Under normal circumstances, the vessel has sufficient fuel, water, oil and oxygen to operate for weeks without external help, Balbi said, and the vessel could “snorkel” — or raise a tube to the surface — “to charge batteries and draw fresh air for the crew.” The oxygen situation also could be helped, even if the vessel bobs adrift on the surface with the hatch open.
But if the sub doesn’t surface, oxygen might last only seven days, Balbi said. The vessel was submerged when the navy last made contact with it, and Tuesday would mark the sixth full day of its disappearance.
“This phase of search and rescue is critical,” Balbi said Monday. “This is why we are deploying all resources with high-tech sensors.

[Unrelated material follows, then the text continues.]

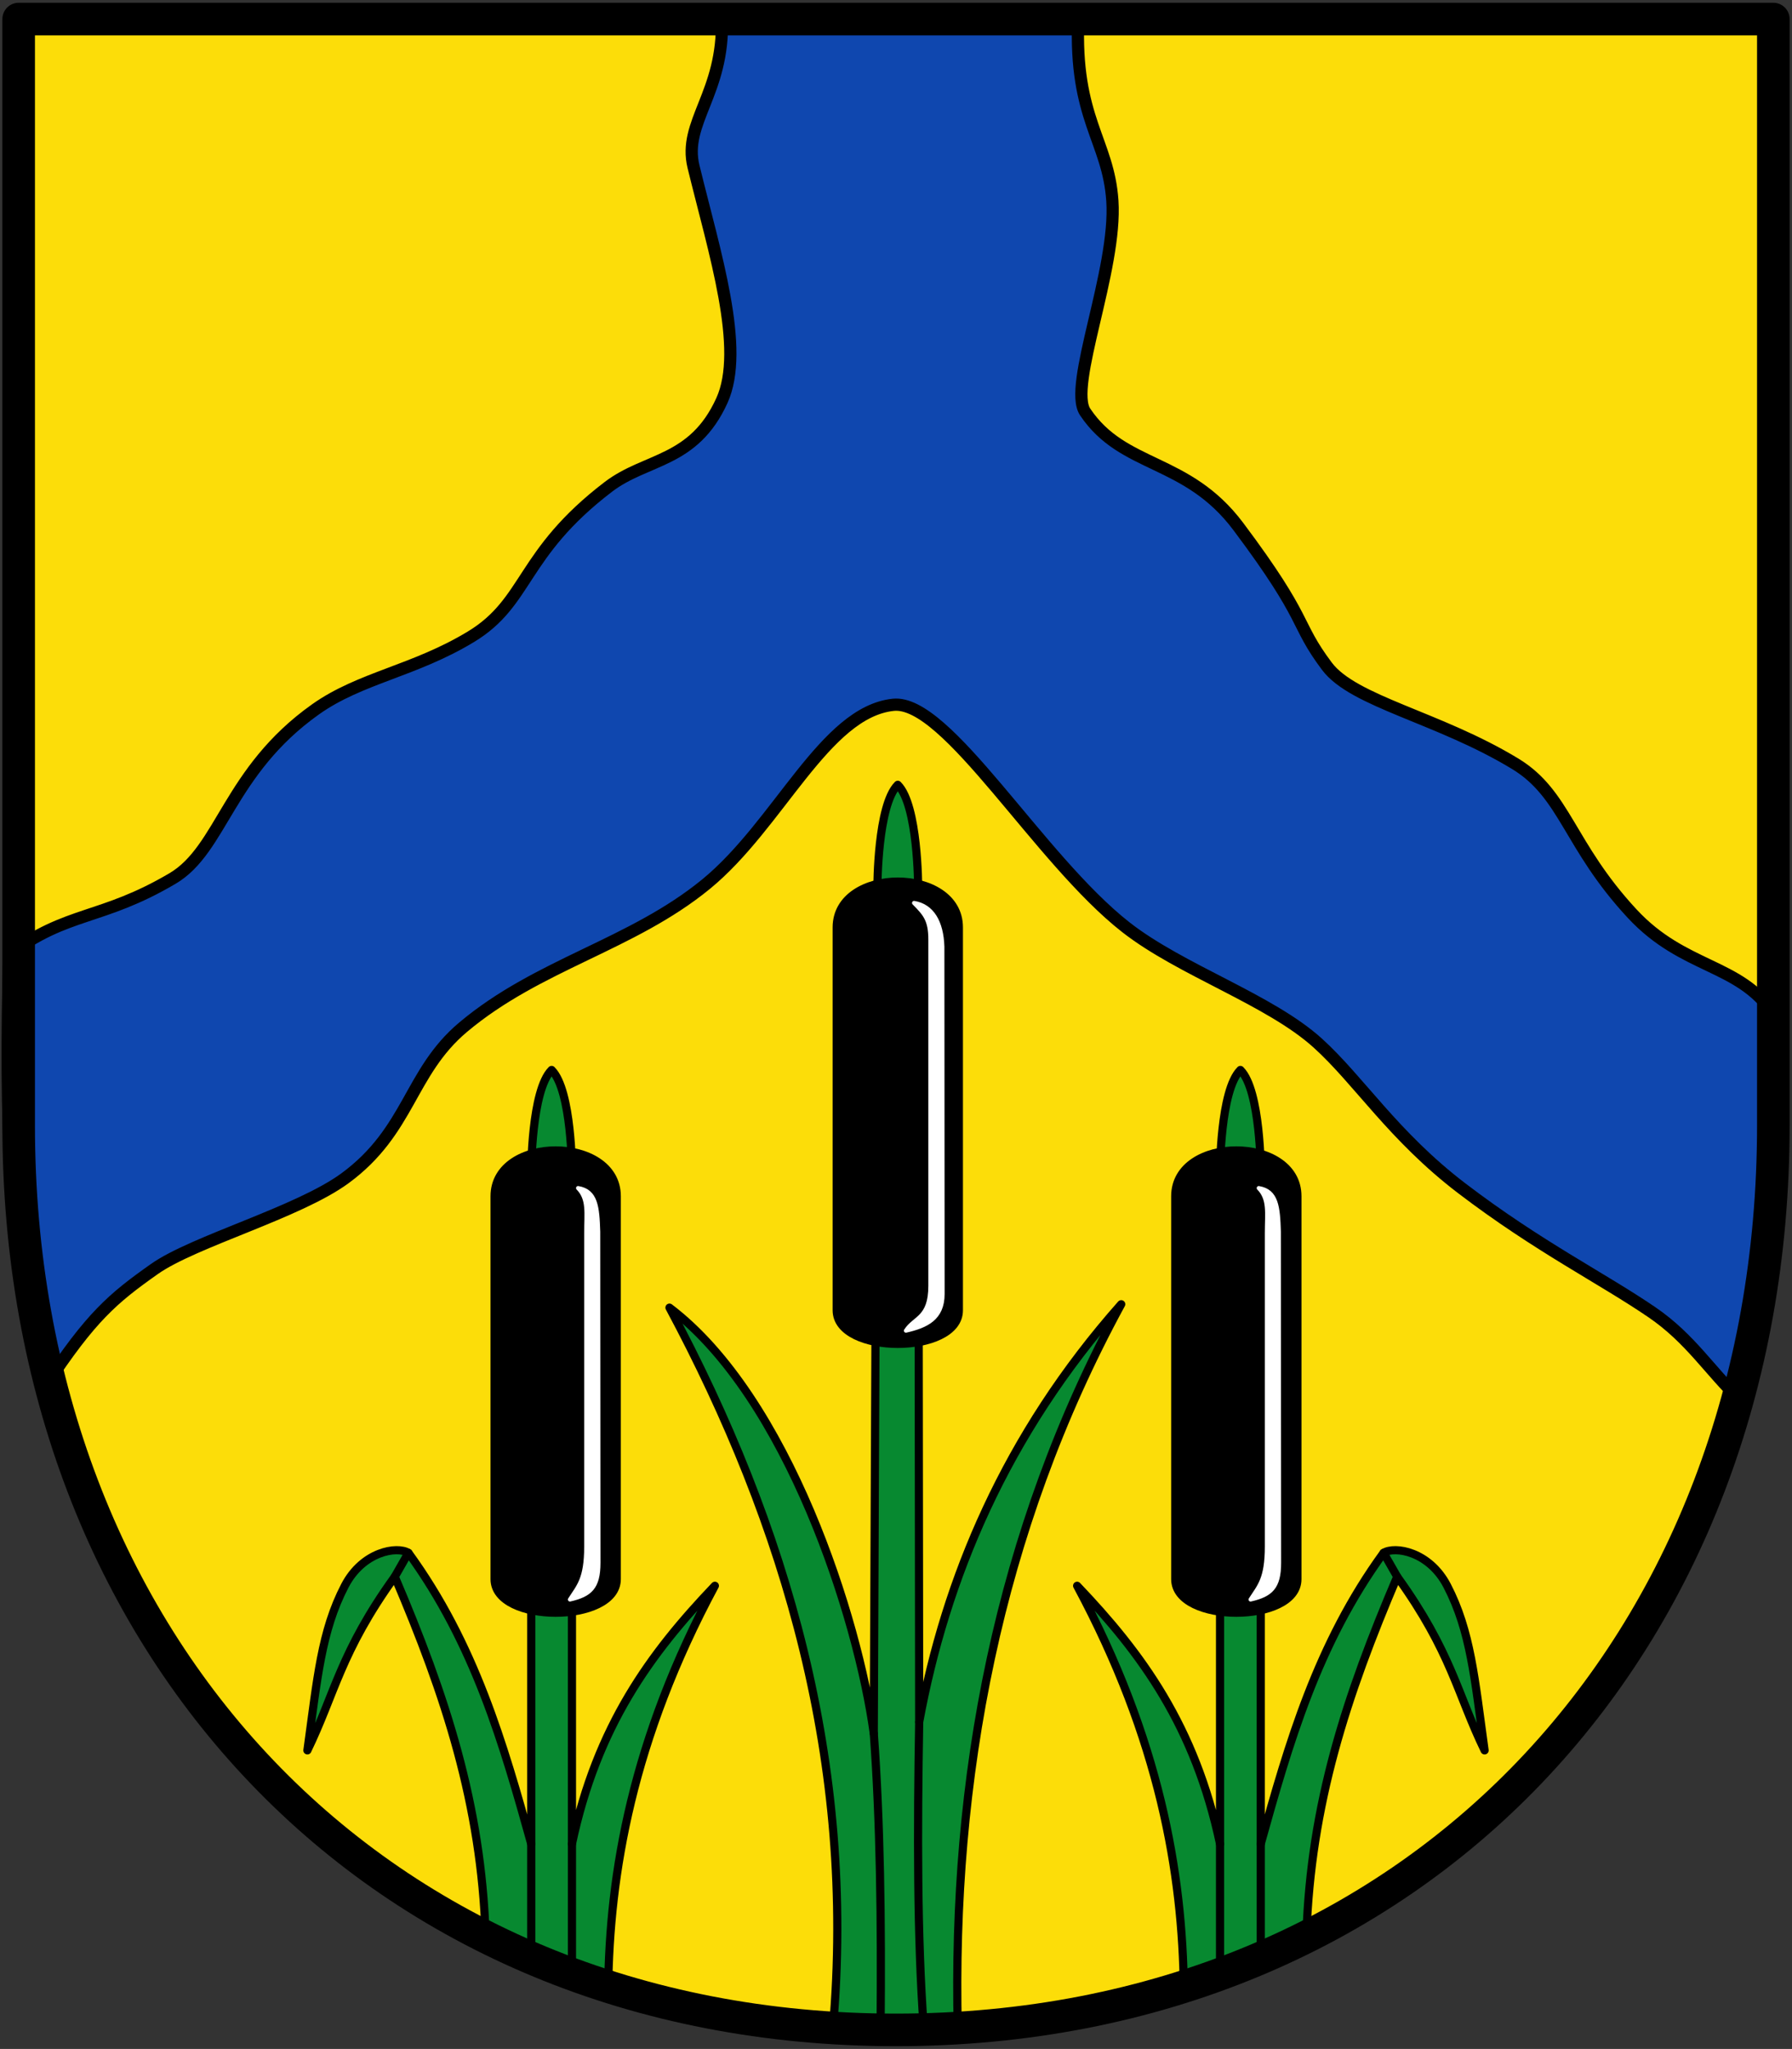 <svg height="503" viewBox="0 0 412.5 471.562" width="440" xmlns="http://www.w3.org/2000/svg"><rect x="0" y="0" width="412.5" height="471.562" fill="#333333" stroke="none"/><path d="m4.297 4.387v254.63c0 119.566 82.397 208.158 201.953 208.158s201.953-88.593 201.953-208.158v-254.63z" fill="#fcdd09"/><g stroke-linecap="round" stroke-linejoin="round"><path d="m166.173 4.396c.51 17.126-9.032 23.726-6.532 33.966 4.861 19.914 11.94 41.919 6.532 53.823-6.507 14.322-17.383 13.183-26.128 19.857-20.252 15.455-18.358 26.446-31.615 34.489-13.069 7.929-25.491 9.413-35.795 16.722-20.083 14.246-21.541 32.218-32.921 38.931-16.439 9.697-24.305 7.445-37.624 17.506-.946 36.828-.341 72.105 8.361 99.286 10.474-15.921 15.543-20.175 25.083-26.912 9.054-6.394 33.136-13 43.895-20.902 14.896-10.94 14.787-24.333 27.173-34.75 17.287-14.54 38.758-18.887 55.914-32.921 16.747-13.7 27.328-39.637 43.111-41.282 12.368-1.289 33.409 35.46 53.562 51.211 12.661 9.895 33.076 16.618 44.156 26.65 9.521 8.62 17.385 21.405 33.182 33.444 17.613 13.422 32.2 20.62 43.725 28.492 8.947 6.111 13.321 13.54 20.289 20.106 7.385-32.409 9.128-60.345 7.662-88.835-7.855-11.604-20.592-10.191-32.483-22.993-14.635-15.755-15.392-27.485-26.912-34.489-17.686-10.754-37.233-14.277-43.372-22.47-7.595-10.137-3.965-10.235-20.38-32.137-11.879-15.851-26.508-13.28-35.273-26.389-4.008-5.995 7.34-32.639 6.271-48.598-.932-13.91-8.81-18.813-7.852-41.813z" fill="#0f47af" stroke="#000" stroke-width="2.812"/><g transform="translate(.995)"><path d="m153.109 300.947c26.741 49.954 42.954 104.819 37.624 165.912 9.082 1.245 18.287 2.183 28.741 0-1.372-57.181 9.122-114.338 37.624-166.696-26.624 30.026-40.46 63.231-46.508 96.151l-.238-192.254s0-18.75-4.688-23.438c-4.688 4.688-4.688 23.438-4.688 23.438l-.838 194.867c-3.588-26.394-19.775-77.34-47.03-97.98z" fill="#078930" stroke="#000" stroke-width="1.875"/><path d="m191.603 213.435c0-14.062 28.125-14.062 28.125 0v88.125c0 10.312-28.125 10.312-28.125 0 0-18.75 0-64.687 0-88.125z" stroke="#000" stroke-width="1.875"/><path d="m209.416 207.81c2.486 2.535 3.75 3.861 3.75 8.438v79.687c0 7.5-3.639 7.222-5.625 10.312 4.664-1.068 8.441-2.786 8.438-8.438l-.054-79.949c-.185-5.686-2.368-9.373-6.509-10.051z" fill="#fff" stroke="#fff" stroke-width=".938"/><path d="m125.978 246.247c4.688 4.688 4.688 23.438 4.688 23.438v154.687c5.748-27.084 18.003-43.817 32.895-59.412-18.925 35.236-24.306 66.078-24.56 93.015l-28.218-12.541c-.991-30.213-9.262-55.245-20.902-82.564-12.514 17.39-13.781 26.909-20.118 39.976 2.286-16.519 3.186-27.415 8.622-37.885 4.115-7.927 12.04-9.191 14.632-7.577 15.274 20.98 21.858 43.965 28.275 66.989v-154.687s0-18.75 4.688-23.438z" fill="#078930" stroke="#000" stroke-width="1.875"/><path d="m112.853 275.31c0-14.062 28.125-14.062 28.125 0v88.125c0 10.312-28.125 10.312-28.125 0 0-18.75 0-64.687 0-88.125z" stroke="#000" stroke-width="1.875"/><path d="m132.072 273.435c2.486 2.535 1.875 5.736 1.875 10.312v72.187c0 7.5-1.764 9.097-3.75 12.188 4.664-1.068 6.567-2.786 6.563-8.438l-.054-76.199c-.185-5.686-.493-9.373-4.634-10.051z" fill="#fff" stroke="#fff" stroke-width=".938"/><path d="m284.531 246.247c-4.688 4.688-4.688 23.438-4.688 23.438v154.687c-5.748-27.084-18.003-43.817-32.895-59.412 18.925 35.236 24.306 66.078 24.56 93.015l28.218-12.541c.991-30.213 9.262-55.245 20.902-82.564 12.514 17.39 13.781 26.909 20.118 39.976-2.286-16.519-3.186-27.415-8.622-37.885-4.115-7.927-12.04-9.191-14.632-7.577-15.274 20.98-21.858 43.965-28.275 66.989v-154.687s0-18.75-4.688-23.438z" fill="#078930" stroke="#000" stroke-width="1.875"/><path d="m317.494 357.384 3.135 5.487m-31.411 61.502v24.459m-9.375-24.459v27.072m-186.828-94.06-3.135 5.487m31.411 61.502v24.459m9.375-24.459v27.072m79.925-55.13c-.419 24.963-.487 49.224 1.045 70.284m-11.496-67.671c1.489 20.354 1.786 42.694 1.568 67.933" fill="none" stroke="#000" stroke-width="1.875"/><g transform="matrix(-1 0 0 1 567.187 0)"><path d="m297.656 275.31c0-14.062-28.125-14.062-28.125 0v88.125c0 10.312 28.125 10.312 28.125 0 0-18.75 0-64.687 0-88.125z" stroke="#000" stroke-width="1.875"/><path d="m278.437 273.435c-2.486 2.535-1.875 5.736-1.875 10.312v72.187c0 7.5 1.764 9.097 3.75 12.188-4.664-1.068-6.567-2.786-6.563-8.438l.054-76.199c.185-5.686.493-9.373 4.634-10.051z" fill="#fff" stroke="#fff" stroke-width=".938"/></g></g><path d="m4.297 4.387v254.63c0 119.566 82.397 208.158 201.953 208.158s201.953-88.593 201.953-208.158v-254.63z" fill="none" stroke="#000" stroke-width="7.5"/></g></svg>

We welcome the help we have received to find them.”
‘Short-circuit’ reported before disappearance
The submarine was traveling from a base in far southern Argentina’s Tierra del Fuego archipelago to its home base in Mar del Plata, a city hundreds of miles to the northeast, when the Navy lost contact with it last week.
The sub’s last known location in the San Jorge Gulf, off southern Argentina’s Patagonia region, is nearly midway between the bases. The vessel had been due to arrive at its destination Sunday.
Shortly before the navy lost contact with the sub, the vessel’s captain reported it had experienced a “short circuit,” Argentine navy spokesman Gabriel Galeazzi said Monday.
The captain was told to “change course and return to Mar del Plata,” Galeazzi said.
This type of problem is considered routine, and the crew was reported safe, he added.
There was one more communication with the captain before the sub went missing, Galeazzi said. The navy did not give details of its content.
The San Juan is a German-built, 65-meter long (213-foot) TR-1700 submarine, powered by one electric and four diesel engines, the Argentine navy said.
Approximations of oxygen in the vessel are complicated, said William Craig Reed, a former US Navy diver and submariner.
“It’s dependent upon the last time they actually recharged their batteries, how long ago they refreshed the air, what’s inside the submarine,” Reed said.
Peter Layton, a visiting fellow at the Griffith Asia Institute at Australia’s Griffith University, offered a scenario similar to Balbi’s: If the vessel had sunk but was still intact, Layton said, the crew would have about a week to 10 days of oxygen.
If the hull is intact, it can withstand ocean depths up to about 600 meters, Layton said. If the vessel is resting on Argentina’s continental shelf, it is likely in waters shallower than this, but if it’s farther out into the Atlantic Ocean, it could be below its “crush depth” in which the hull buckles under pressure.
The search
Ships and aircraft from Argentina, the United States, Uruguay, Brazil and other nations have been searching for the sub on the surface and underwater.
Earlier hopes that searchers may have heard communication attempts by the crew have not panned out, the military said.
For instance, noises that had been detected Monday initially were thought to be a possible distress signal from the crew.
But later analysis determined the noises were not from the missing vessel but instead might have been from the ocean or marine life, Balbi said.
The Argentine navy on Saturday reported seven communication attempts that were initially believed to originate from the San Juan. But officials said Monday those calls had not come from the missing sub.